[Source information — start]
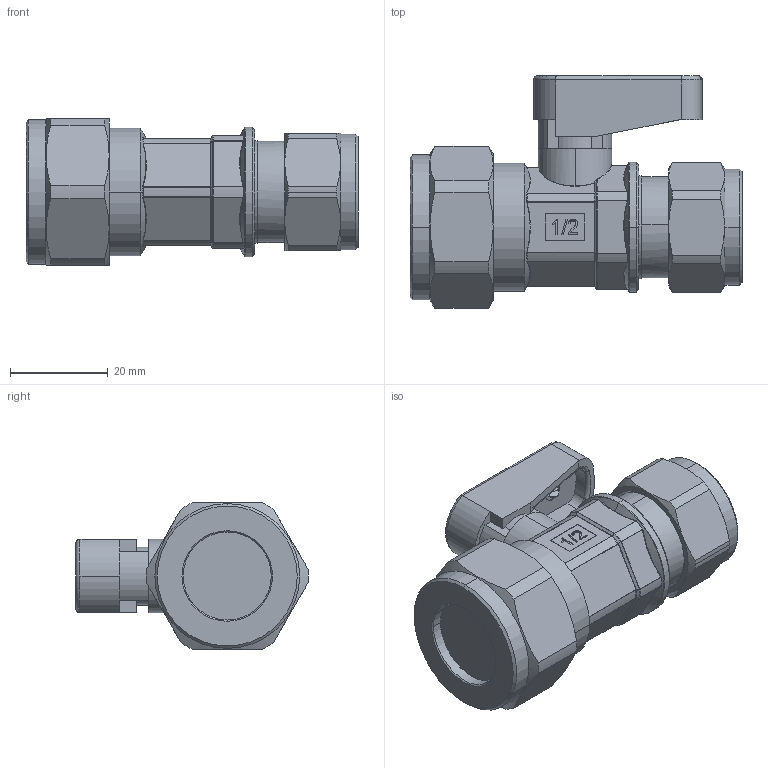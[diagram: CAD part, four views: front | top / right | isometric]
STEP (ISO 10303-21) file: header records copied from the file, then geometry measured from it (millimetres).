
FILE_DESCRIPTION (( 'STEP AP214' ), '1' );
FILE_NAME ('0645000018.step', '2012-10-02T16:34:54', ( '' ), ( '' ), 'SwSTEP 2.0', 'SolidWorks 2012', '' );
FILE_SCHEMA (( 'AUTOMOTIVE_DESIGN' ));
Length unit declared in the file: millimetre
Products named in the file (1): 0645000018
Bounding box: 67.86 x 47.59 x 30 mm (x, y, z)
Volume: 40296.1 mm3; surface area: 10735.4 mm2
Topology: 2 solids, 9 shells, 1035 faces, 2646 edges, 1652 vertices
Faces by surface type: plane 424, bspline 344, cylinder 139, torus 55, cone 53, sphere 20
Entity records: 44456 total; most frequent: CARTESIAN_POINT 22116, ORIENTED_EDGE 5222, DIRECTION 3633, EDGE_CURVE 2611, VERTEX_POINT 1652, VECTOR 1321, LINE 1321, AXIS2_PLACEMENT_3D 1156
[Source information — finish]
### Task to carry out
Please return exactly the lines that run from the line with "STEP (ISO 10303-21)" through the end of the records above, both included, and nothing more.

### Result below
STEP (ISO 10303-21) file: header records copied from the file, then geometry measured from it (millimetres).
FILE_DESCRIPTION (( 'STEP AP214' ), '1' );
FILE_NAME ('0645000018.step', '2012-10-02T16:34:54', ( '' ), ( '' ), 'SwSTEP 2.0', 'SolidWorks 2012', '' );
FILE_SCHEMA (( 'AUTOMOTIVE_DESIGN' ));
Length unit declared in the file: millimetre
Products named in the file (1): 0645000018
Bounding box: 67.86 x 47.59 x 30 mm (x, y, z)
Volume: 40296.1 mm3; surface area: 10735.4 mm2
Topology: 2 solids, 9 shells, 1035 faces, 2646 edges, 1652 vertices
Faces by surface type: plane 424, bspline 344, cylinder 139, torus 55, cone 53, sphere 20
Entity records: 44456 total; most frequent: CARTESIAN_POINT 22116, ORIENTED_EDGE 5222, DIRECTION 3633, EDGE_CURVE 2611, VERTEX_POINT 1652, VECTOR 1321, LINE 1321, AXIS2_PLACEMENT_3D 1156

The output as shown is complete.